Following the 1997 Asian financial crisis, Banco Garantia was sold to Credit Suisse First Boston in July 1998 for $675m. From 1990 to 2001, he was a member of the board of directors of Companhia Cervejaria Brahma.
Lemann is a director of Endeavor's Brazil office. Endeavor is an international non-profit development organization that finds and supports high-impact entrepreneurs in emerging markets. Later he and his partners, who founded private equity company GP Investimentos, bought control of two Brazilian breweries (Brahma beer and Companhia Antarctica Paulista) that became AmBev. In 2003 AmBev had a pretax profit margin of 35 percent on sales of US$2.7 billion. By 2004, it controlled 65 percent of the Brazilian beer market and almost 80% of Argentina's, with monopoly positions in Paraguay, Uruguay, and Bolivia.

AmBev merged with Interbrew of Belgium in August 2004. The stock of the combined firm, InBev, rose 40 percent during 2005. InBev then announced it would buy the American brewer Anheuser-Busch in 2008 for $46 billion in a highly controversial deal, making it the world's largest brewer, Anheuser-Busch Inbev (abbreviated as AB Inbev) securing Lemann's status as one of the new "Kings" of beer.

Lemann is a board member of Lojas Americanas S.A. and was a former board member of Gillette (where he first worked with Warren Buffett); chairman of the Latin American Advisory Committee of the New York Stock Exchange; founder and board member of Fundação Estudar, pt which provides scholarships for Brazilian students; and a member of the international advisory board of DaimlerChrysler.

Lemann is a co-founder of Brazilian investment firm 3G Capital, which owns brands such as Burger King, Anheuser-Busch and Heinz. In September 2010, 3G launched a $4 billion bid, at a 45% premium over market, for all the stock of Burger King. "3G was advised in the BK offer by Lazard, JPMorgan Chase, Barclays Capital and the law firm Kirkland & Ellis. 3G already has some experience in burgers and fries, having previously invested in Wendy's." Together with Berkshire Hathaway, 3G Capital acquired the H. J. Heinz Company for $28 billion in 2013. Its new CEO Bernardo Hees is a former manager of Burger King. The same group announced the merger of Kraft Foods with Heinz in March 2015. He was on the board of Kraft Heinz until 2021, when he announced he was leaving to reduce his travel commitments.
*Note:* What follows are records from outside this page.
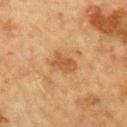Impression: Recorded during total-body skin imaging; not selected for excision or biopsy. Context: Cropped from a whole-body photographic skin survey; the tile spans about 15 mm. From the mid back. A male subject roughly 70 years of age. About 3 mm across.
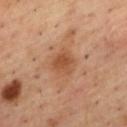The lesion was tiled from a total-body skin photograph and was not biopsied.
The total-body-photography lesion software estimated a mean CIELAB color near L≈50 a*≈23 b*≈34, a lesion–skin lightness drop of about 8, and a normalized border contrast of about 6.5. It also reported a detector confidence of about 100 out of 100 that the crop contains a lesion.
Located on the upper back.
A close-up tile cropped from a whole-body skin photograph, about 15 mm across.
A male subject in their mid- to late 50s.
The tile uses cross-polarized illumination.
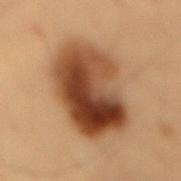– body site · the back
– acquisition · ~15 mm crop, total-body skin-cancer survey
– patient · male, about 55 years old
– tile lighting · cross-polarized illumination
– lesion size · about 8.5 mm
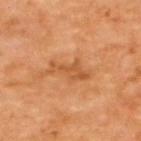{
  "biopsy_status": "not biopsied; imaged during a skin examination",
  "patient": {
    "age_approx": 65
  },
  "image": {
    "source": "total-body photography crop",
    "field_of_view_mm": 15
  },
  "site": "back",
  "lesion_size": {
    "long_diameter_mm_approx": 5.0
  },
  "lighting": "cross-polarized"
}
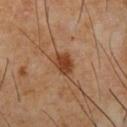{"biopsy_status": "not biopsied; imaged during a skin examination", "image": {"source": "total-body photography crop", "field_of_view_mm": 15}, "site": "chest", "patient": {"sex": "male", "age_approx": 65}}
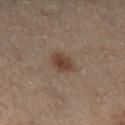The lesion was tiled from a total-body skin photograph and was not biopsied.
The lesion's longest dimension is about 2.5 mm.
Cropped from a whole-body photographic skin survey; the tile spans about 15 mm.
The lesion is on the leg.
The tile uses cross-polarized illumination.
Automated image analysis of the tile measured a shape-asymmetry score of about 0.2 (0 = symmetric). The analysis additionally found a mean CIELAB color near L≈33 a*≈12 b*≈21 and about 7 CIELAB-L* units darker than the surrounding skin. It also reported a border-irregularity index near 1.5/10 and radial color variation of about 0.5. The software also gave a classifier nevus-likeness of about 95/100 and a detector confidence of about 100 out of 100 that the crop contains a lesion.
A male patient, approximately 55 years of age.
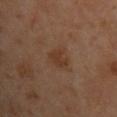This lesion was catalogued during total-body skin photography and was not selected for biopsy. This is a cross-polarized tile. The lesion's longest dimension is about 2.5 mm. A lesion tile, about 15 mm wide, cut from a 3D total-body photograph. A male patient approximately 40 years of age. The lesion is on the front of the torso.
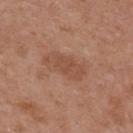Notes:
• workup — total-body-photography surveillance lesion; no biopsy
• acquisition — ~15 mm tile from a whole-body skin photo
• subject — female, aged 38–42
• anatomic site — the upper back
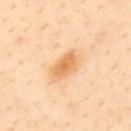Recorded during total-body skin imaging; not selected for excision or biopsy. A male patient, approximately 55 years of age. Longest diameter approximately 4 mm. Automated image analysis of the tile measured a shape eccentricity near 0.85 and two-axis asymmetry of about 0.2. It also reported a border-irregularity rating of about 2/10, a within-lesion color-variation index near 3/10, and a peripheral color-asymmetry measure near 0.5. Located on the upper back. The tile uses cross-polarized illumination. A 15 mm close-up tile from a total-body photography series done for melanoma screening.
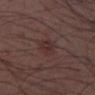Notes:
- workup · no biopsy performed (imaged during a skin exam)
- patient · male, approximately 30 years of age
- site · the front of the torso
- illumination · white-light illumination
- imaging modality · ~15 mm tile from a whole-body skin photo
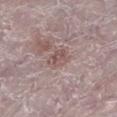workup=imaged on a skin check; not biopsied
subject=female, aged 63 to 67
image source=15 mm crop, total-body photography
location=the leg
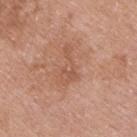{
  "biopsy_status": "not biopsied; imaged during a skin examination"
}
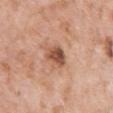Q: Is there a histopathology result?
A: imaged on a skin check; not biopsied
Q: What is the anatomic site?
A: the arm
Q: Patient demographics?
A: female, aged 68 to 72
Q: What is the imaging modality?
A: ~15 mm crop, total-body skin-cancer survey
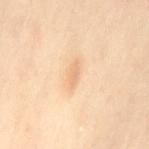Recorded during total-body skin imaging; not selected for excision or biopsy.
On the left thigh.
A 15 mm close-up extracted from a 3D total-body photography capture.
A female patient, aged 53 to 57.
This is a cross-polarized tile.
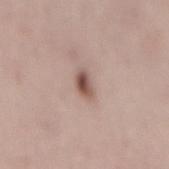notes — total-body-photography surveillance lesion; no biopsy
size — ≈2.5 mm
image — total-body-photography crop, ~15 mm field of view
lighting — white-light illumination
patient — female, aged around 50
site — the mid back
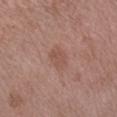Impression: Captured during whole-body skin photography for melanoma surveillance; the lesion was not biopsied. Background: A close-up tile cropped from a whole-body skin photograph, about 15 mm across. A male subject, about 50 years old. This is a white-light tile. From the left forearm. The lesion's longest dimension is about 3 mm. The total-body-photography lesion software estimated a lesion color around L≈52 a*≈20 b*≈25 in CIELAB and a lesion–skin lightness drop of about 6. And it measured a nevus-likeness score of about 0/100.
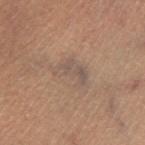workup = catalogued during a skin exam; not biopsied | site = the left lower leg | patient = male, about 50 years old | image source = ~15 mm tile from a whole-body skin photo.
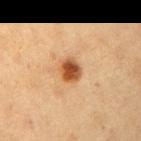{"biopsy_status": "not biopsied; imaged during a skin examination", "image": {"source": "total-body photography crop", "field_of_view_mm": 15}, "site": "right upper arm", "lesion_size": {"long_diameter_mm_approx": 3.0}, "patient": {"sex": "female", "age_approx": 40}, "lighting": "cross-polarized", "automated_metrics": {"area_mm2_approx": 5.5, "eccentricity": 0.6, "shape_asymmetry": 0.15, "border_irregularity_0_10": 1.5, "color_variation_0_10": 5.0, "peripheral_color_asymmetry": 1.5, "nevus_likeness_0_100": 100, "lesion_detection_confidence_0_100": 100}}
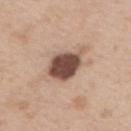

In March 2023, following an increase in Ambev's market cap, he once again became the richest person in Brazil.

In 2002, Lemann founded the Lemann Foundation, which in 2025 funded the creation of the Lemann Center at the University of Zurich.

In June 2026, the Instituto Coordenadas de Gobernanza y Economía Aplicada, a Madrid-based think tank, named Lemann one of the 25 most influential business leaders in Latin America. The ranking evaluated criteria including value creation, industry leadership, regional influence, international reach, and economic impact.

==Personal life==
Lemann married twice and has six children, three with his first wife and three with his second wife Susanna. He usually shares his time between São Paulo, Rapperswil-Jona on Lake Zurich, where his family lives, and St. Louis, Missouri.

In 1994, he suffered a heart attack at age 54. In 1999, several gunmen attempted to kidnap his children on their way to school. The incident prompted Lemann to relocate permanently to Switzerland. According to a report, "his children still attended school that day and Lemann was only a little late to the office."

Lemann rarely gives interviews or appears publicly, and is little known in the United States. However, according to Bloomberg, Lemann has a reputation as a "business-class hero" in Brazil, who described him as "the wiry, white-haired conglomerateur who’s part Buffett, part Sam Walton, part Roger Federer."